Soon enough, Bierce’s story centered on a pitch-black night and a shack “containing one small room.” I was in such a cabin now, though the moon was full and bright. I was sitting in bed, looking ahead at a door and out a window. The story’s main character, a Mr. Elderson, described the scene:

“I detected myself staring more frequently at the open doorway and blank window than I could (justify). Outside those apertures all was black, and I was unable to repress a certain feeling of apprehension as my fancy pictured the outer world and filled it with unfriendly entities, natural and supernatural.”

And I agreed when Bierce wrote: “Everyone who has experience in the matter (knows) that one confronts the night’s actual and imaginary perils with far less apprehension in the open air than in a house with an open doorway.”

I rolled from my sleeping bag and latched the cabin’s screen door, feeling silly. What protection is a latch against phobias?

Silly Fears

Likewise, Bierce’s Mr. Elderson pointed his shotgun toward the door until shame made him set it aside. He soon fell asleep and dreamed briefly of roaming distant streets until entering a room unnoticed, and seeing a husband and wife sitting apart, “unoccupied and sullen.” The wife had a “certain grave beauty,” and wore a plaid shawl over her shoulders. Her husband was older, dark, “with an evil face made more forbidding by a long scar extending from near the left temple diagonally downward into the black mustache.”

Mr. Elderson then awoke, his foolish fears gone. He lit and smoked his pipe, mulled his dream, and eventually knocked the dying ashes from his pipe, leaving the cabin deathly dark. Instantly, a heavy body hit the floor with a dull, dead sound. He bolted and groped for his shotgun as he heard blows land, feet scuffle, and a woman shriek in mortal agony. His eyes futilely tried “to pierce the darkness” as the violence ended, and he heard the “faint intermittent gasping of some living, dying thing!”

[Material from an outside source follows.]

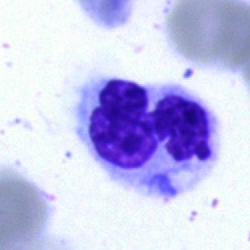Specimen: bone marrow aspirate smear.
Cell: neutrophil (segmented).
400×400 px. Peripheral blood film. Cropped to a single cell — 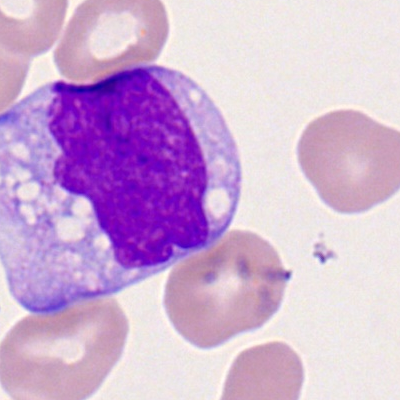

But after lighting a fire, Mr. Elderson saw only his own tracks on the cabin’s dusty floor. Nothing was out of place. He tended his fire till dawn because “not for added years of life would I have permitted the little flame to expire again.”

Years later, Mr. Elderson met a man who had once hunted the area near that abandoned cabin. In fact, this hunter had found a skeleton in Macarger’s Gulch the year before, and a local newspaper reported the details.

The old shack had blown away, its floor planks parted, and its roof and walls scattered debris. The hunter found a plaid shawl between two floor timbers, wrapped about the female skeleton’s shoulders. The skull was fractured in several places, apparently by a blood-stained pick handle lying beneath boards nearby.

All evidence pointed to her husband, but the man was never found nor heard of again, even though the hunter had found a photo of him. Mr. Elderson asked to see the photo, and convulsively spat his coffee when recognizing the evil image from his dream inside the old cabin. He knew that face with a “long scar extending from near the left temple diagonally downward into the black mustache.”

Next Time Twain

With that, I set the storybook aside, wondering why I hadn’t brought Mark Twain to Duren’s cabin instead of Ambrose Bierce. Still, I slept well and told everyone my tale the next morning.

And I’ll take Jimmy Rinella’s suggestion: I’ll buy Duren a copy of “Can Such Things Be?” I’ll then set it on his cabin’s bookshelf, and tug it out from the other books to subtly invite the next visitor to read it alone by headlamp.